You can install the development version from GitHub with:

# install.packages("devtools")
devtools::install_github("xiangli2pro/hbcm")

# load package
library('hbcm')

Examples

1. Simulation data

Create a matrix data x of dimension NxP=1000x500, with columns belonging to five (K=5) non-overlapping groups (groups labeled as 1 to 5). x values are determined by three things: parameter vector alpha of size NxK (follows multivariate normal distribution), heterogeneous parameters vector hlambda and hsigma of sizes Px1 respectively.

# check function arguments and return values documentation
?hbcm::data_gen
# x dimension
n <- 500
p <- 500

# cluster number
centers <- 5
# cluster labels follow a multinulli distribution with probability ppi
ppi <- rep(1/centers, centers)
# simulate a vector of labels from the multinulli distribution
labels <- sample(c(1:centers), size = p, replace = TRUE, prob = ppi) 

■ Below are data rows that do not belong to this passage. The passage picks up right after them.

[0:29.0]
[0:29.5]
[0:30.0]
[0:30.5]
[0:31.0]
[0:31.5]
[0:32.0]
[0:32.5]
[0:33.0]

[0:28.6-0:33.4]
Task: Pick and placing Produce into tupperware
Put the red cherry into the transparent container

# specify the (mu, omega) of the MVN distribution of alpha
mu <- rep(0, centers)

off_diag <- 0.5
omega <- diag(rep(1, centers))
for (i in 1:centers) {
  for (j in 1:centers) {
    if (i!=j){
      omega[i,j] = off_diag
    } 
  }
}

# set up the generating function of hlambda and hsigma
hparam_func <- list(
  lambda_func = function(p) stats::rnorm(p, 0, 1),
  sigma_func = function(p) stats::rchisq(p, 2) + 1
)

# set up the number of simulation data
size <- 1

# generate data
data_list <- hbcm::data_gen(n, p, centers, mu, omega, labels, size, hparam_func)
x <- data_list$x_list[[1]]

2. Cluster the columns into K groups

Use heterogeneous block covariance model (HBCM) to cluster the columns of data x. Need to provide a starting label guess and the number of clusters.

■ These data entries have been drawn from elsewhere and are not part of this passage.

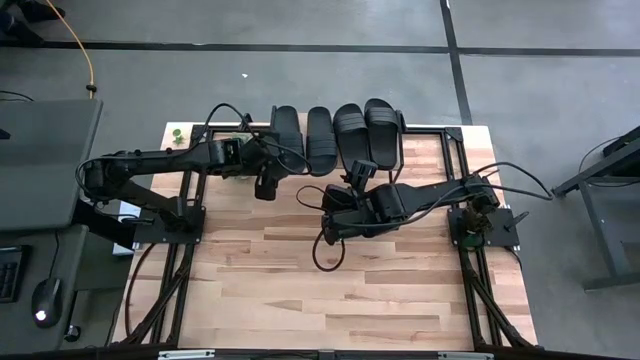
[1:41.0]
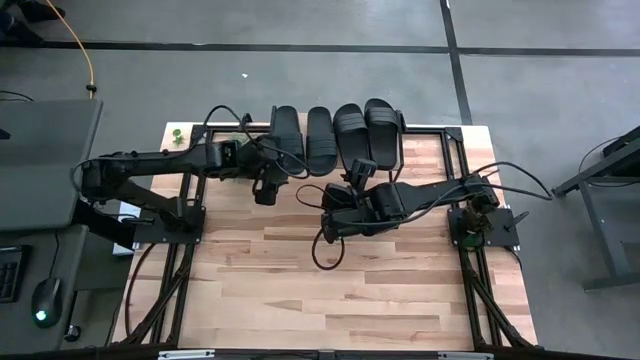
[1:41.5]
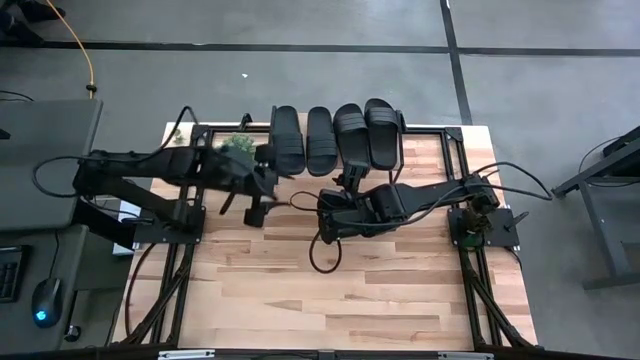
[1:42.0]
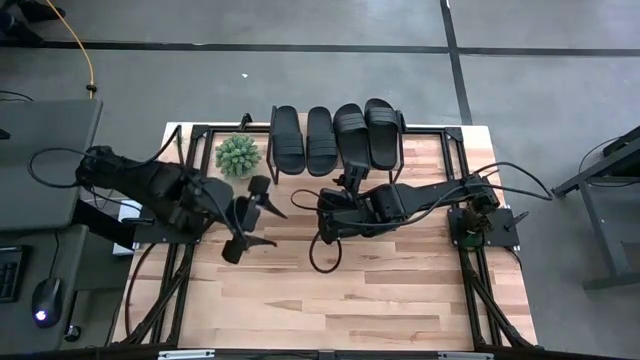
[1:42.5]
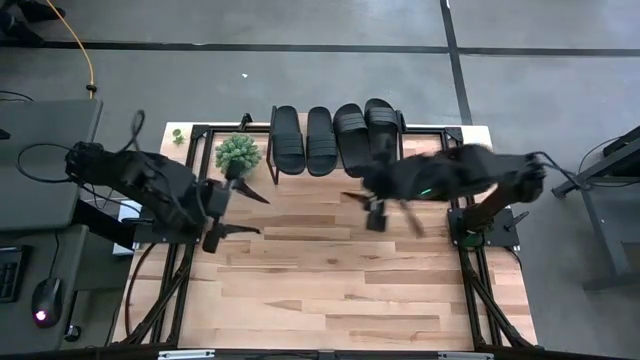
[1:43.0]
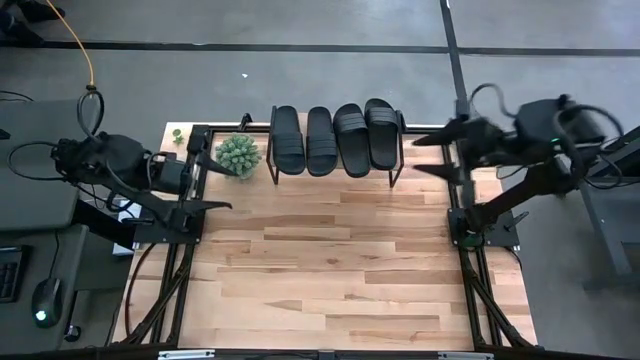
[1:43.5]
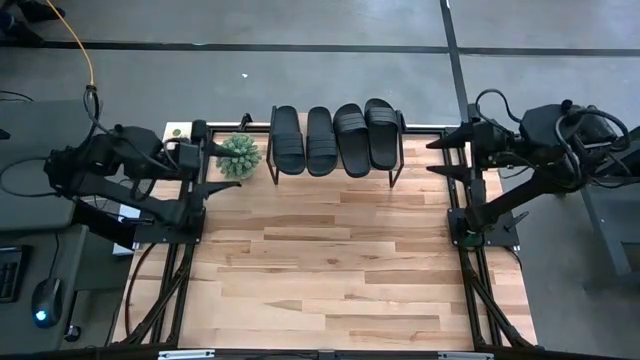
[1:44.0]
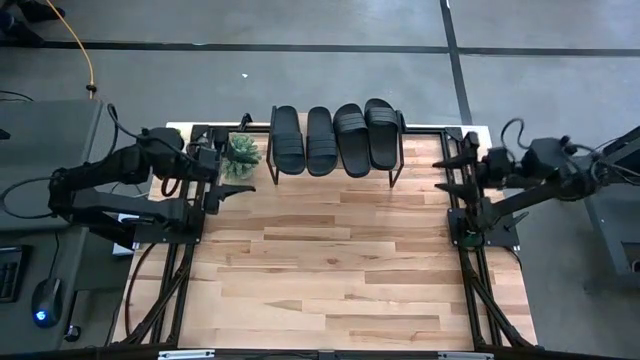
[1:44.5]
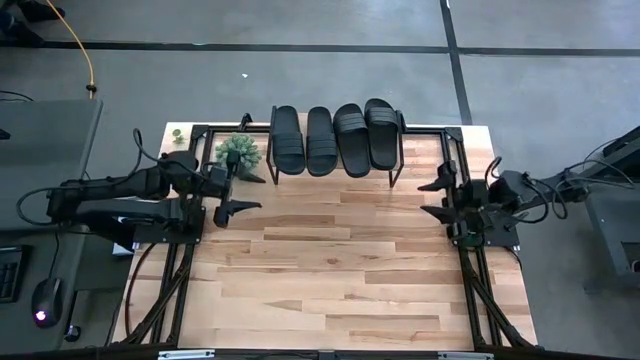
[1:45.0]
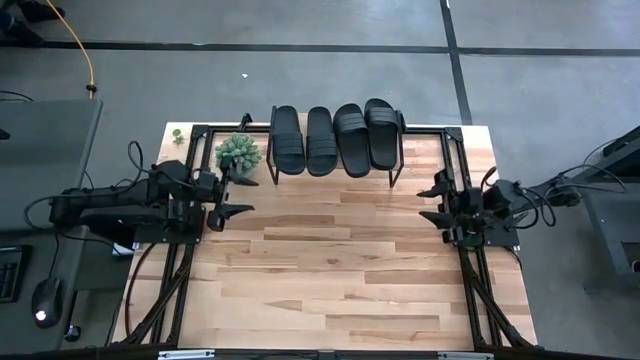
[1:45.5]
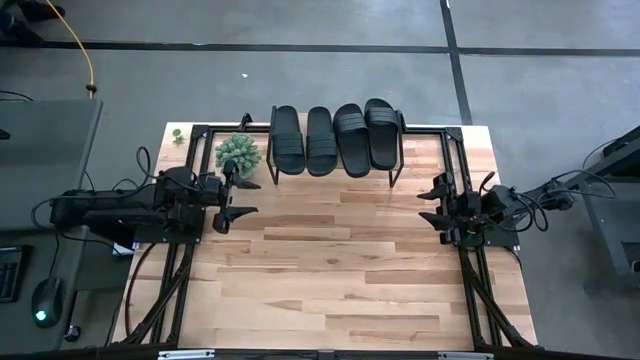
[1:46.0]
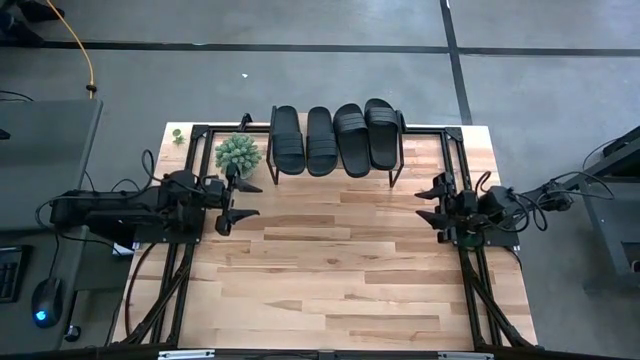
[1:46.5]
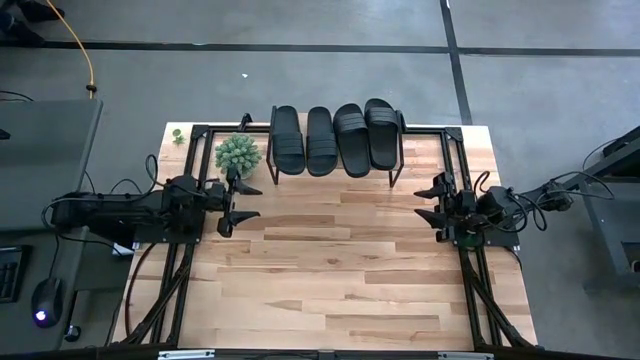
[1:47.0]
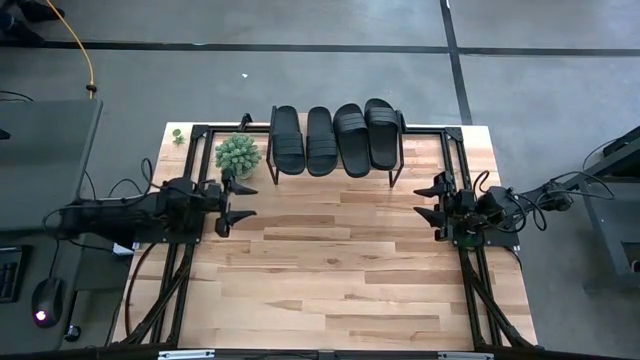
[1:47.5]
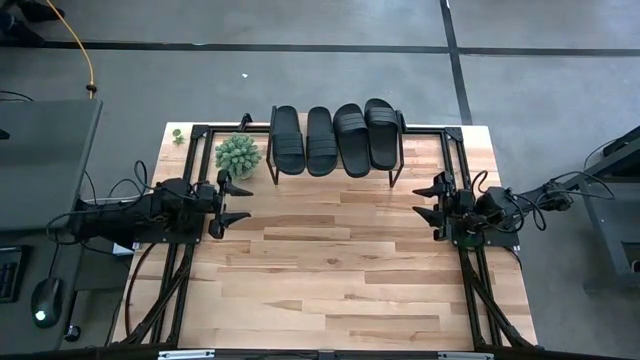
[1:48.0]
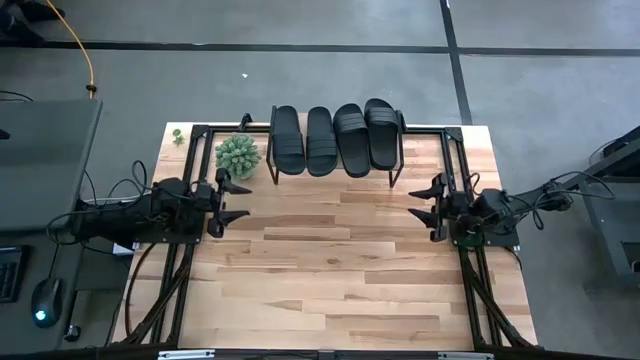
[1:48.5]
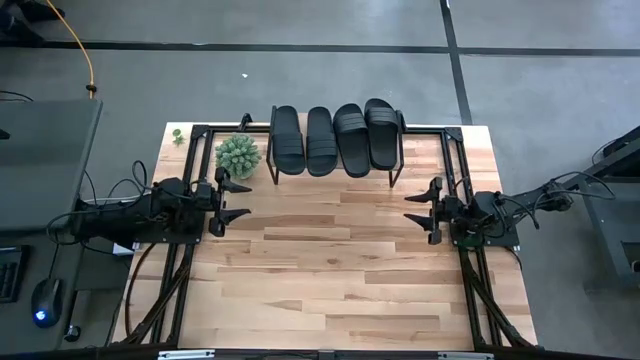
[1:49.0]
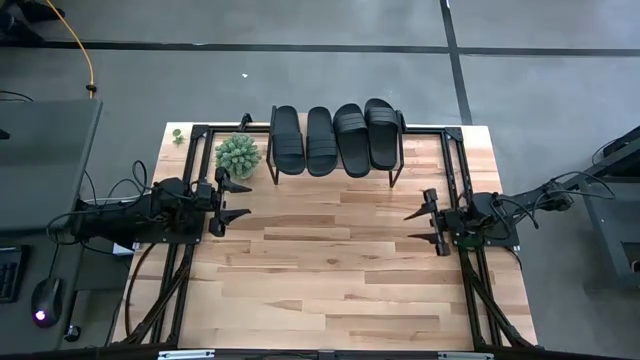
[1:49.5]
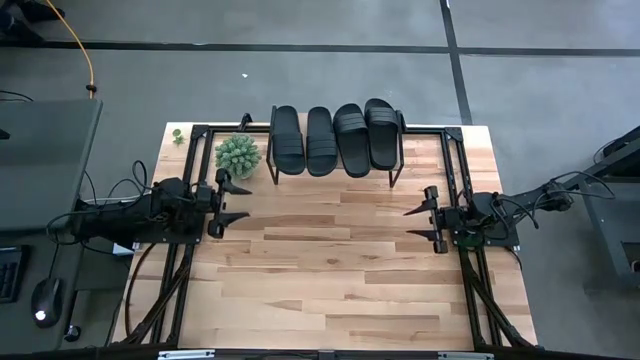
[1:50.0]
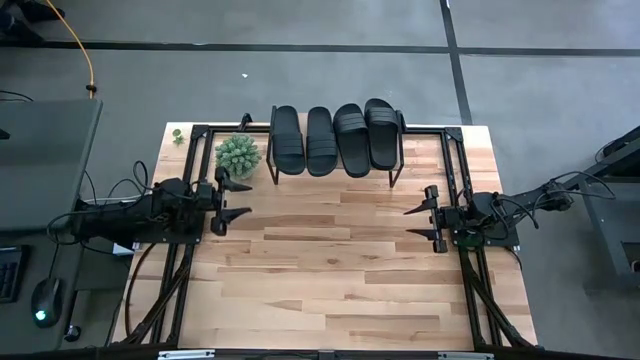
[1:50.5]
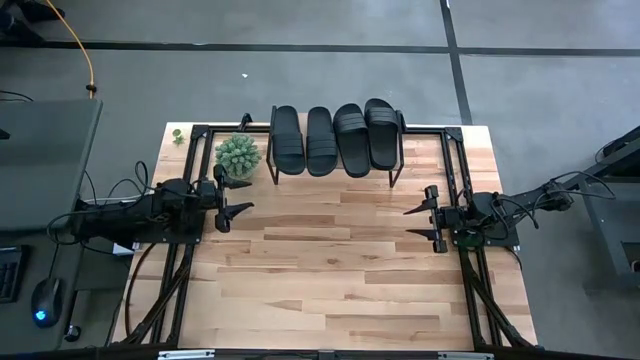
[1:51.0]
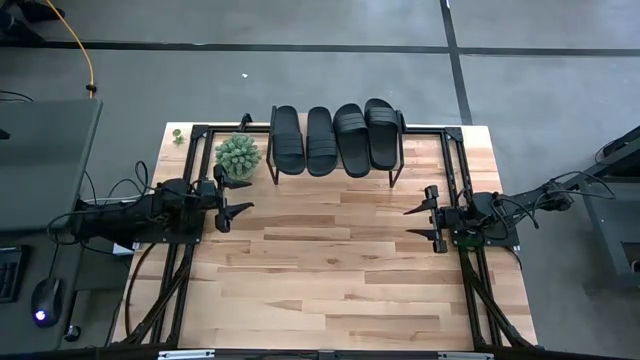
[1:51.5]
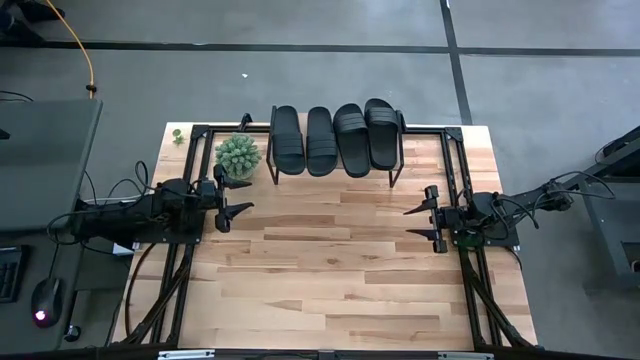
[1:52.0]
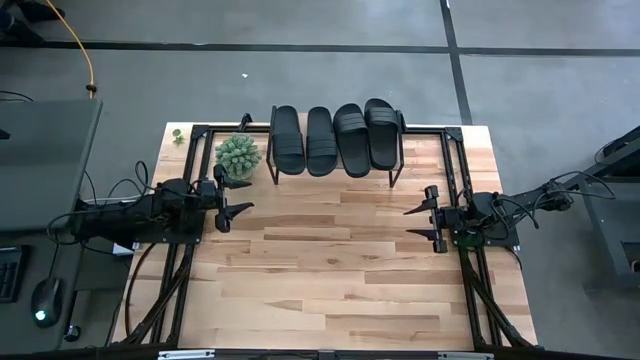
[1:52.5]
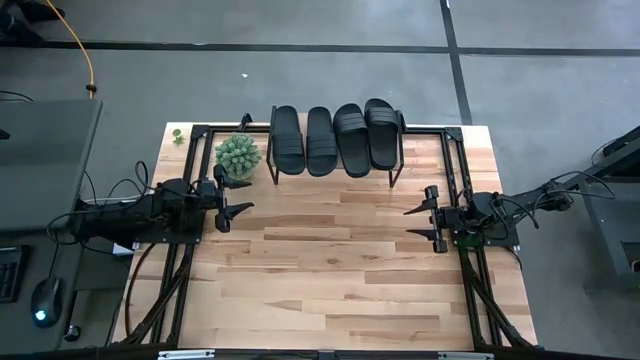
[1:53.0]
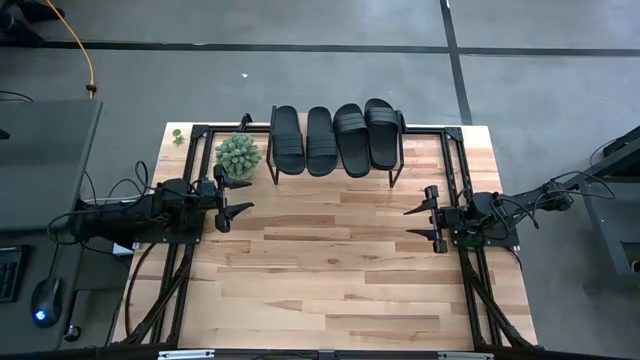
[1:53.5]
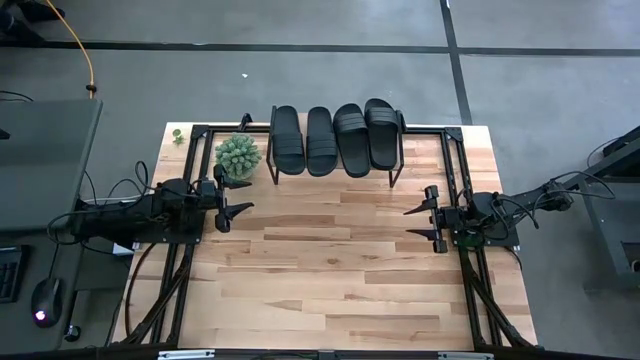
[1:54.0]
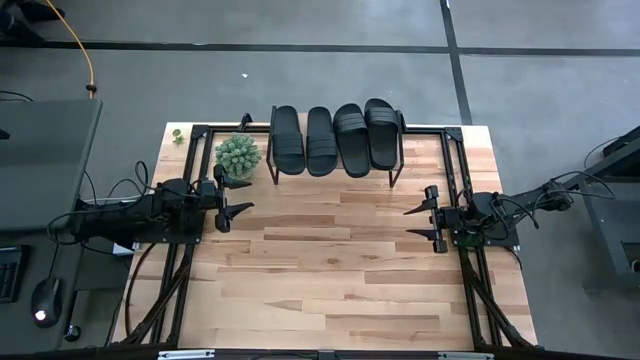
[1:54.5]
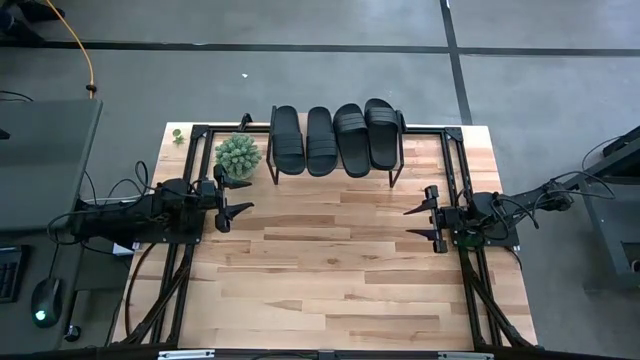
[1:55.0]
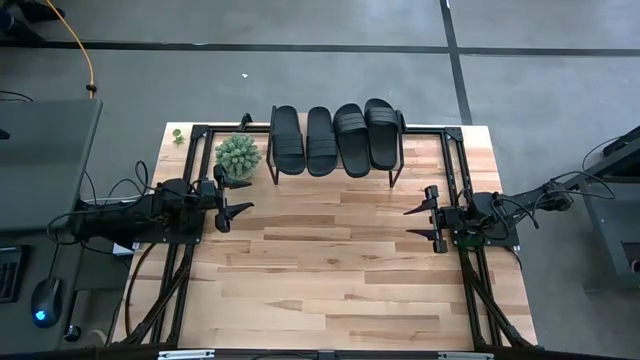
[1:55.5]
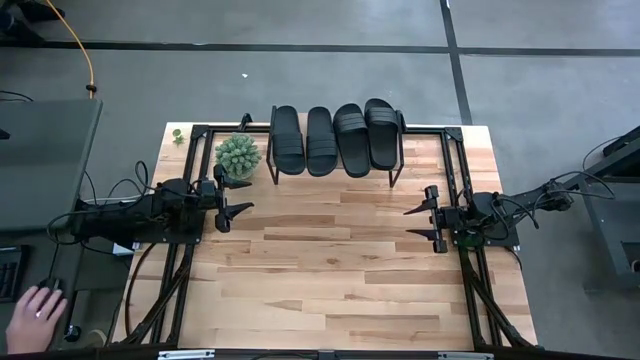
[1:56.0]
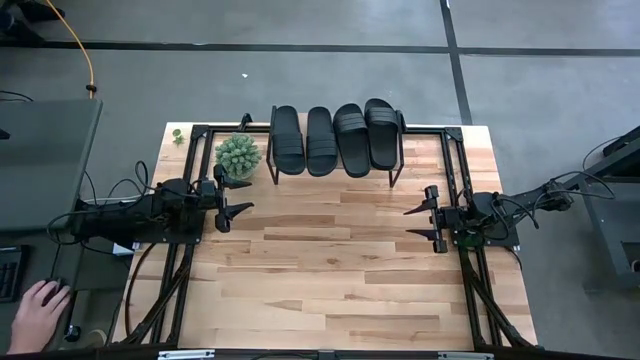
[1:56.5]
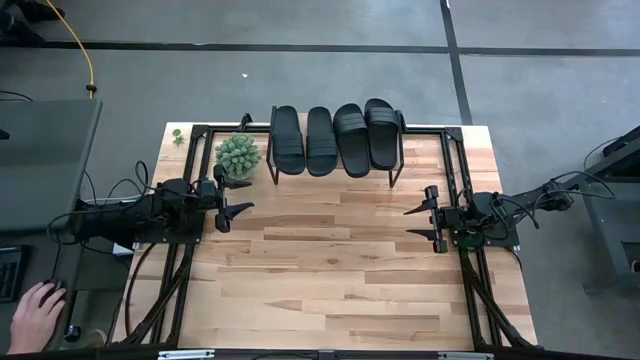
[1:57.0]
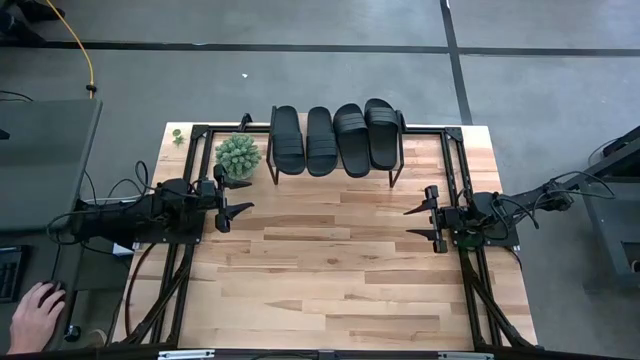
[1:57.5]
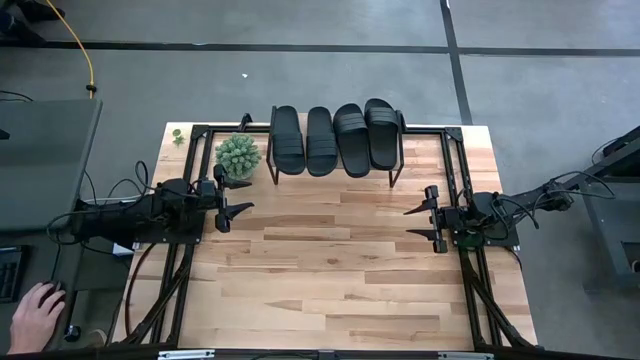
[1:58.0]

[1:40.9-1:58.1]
Task: Pick and place slides into the shelf
Return to Home Position

# check function arguments and return values documentation
?hbcm::heterogbcm()
# use spectral clustering to make a label guess
start_labels <- kernlab::specc(abs(cor(x)), centers = centers)@.Data


# use hbcm to perform clustering
hbcm_res <- hbcm::heterogbcm(x, centers = centers, 
                tol = 1e-3, iter = 100, iter_init = 3, 
                labels = start_labels, 
                verbose = FALSE)

3. Evaluate the clustering performance

Use metric Rand-Index and adjusted Rand-Index to compare the estimated label assignment with the true label assignment. The higher the value, the better the performance.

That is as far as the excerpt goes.